“Let’s trade” and “my turn”

My son L. is 3y 1m old. He’s started recently to use the expression “let’s trade” (“te cambio”). That is: he produces speech acts aimed at swapping objects with another person. For instance, he gives away his glass of milk in order to obtain a yoghurt cup I have. We exchange goods. He seems to understand that the proto- contract we thus celebrate involves the mutual surrender and handing over of possessions. The rules of reciprocity are no doubt regulating this interaction. Which doesn’t mean that the child can understand conceptually, let alone articulate, such rules.
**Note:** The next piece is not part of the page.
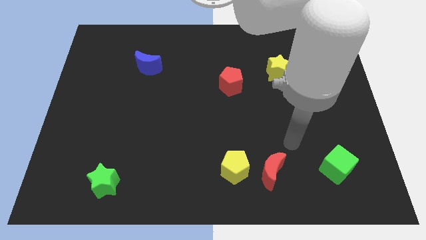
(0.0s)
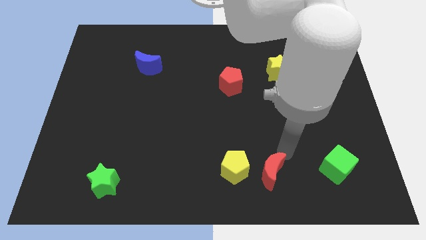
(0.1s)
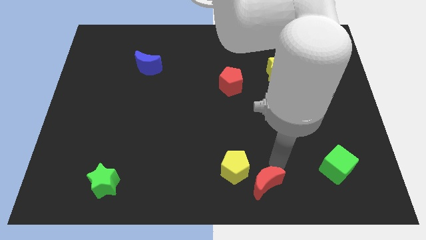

In addition, when playing with other children, L. knows how to claim his turn to use a toy (shouts “¡Turno mío!”). He also uses this expression in other contexts; for instance, to demand his turn to drink mate (in a mate round shared with adults). Again: his understanding of the reciprocity rules involved is perhaps incipient. But L. is clearly starting to master the rhetorical forms that allow efficient access to the desired objects.

My hypothesis: the child first masters the rhetorical forms, and only later the conceptual content. Piaget’s prise de conscience (the conceptual, explicit insight) is the final product of a process that starts with immediate, un-reflected action. The process goes from the periphery of action to the center of explicit, conceptual thinking. Differently from Piaget, however, in the periphery I do not see the actions of an organism but the utterances of a retor.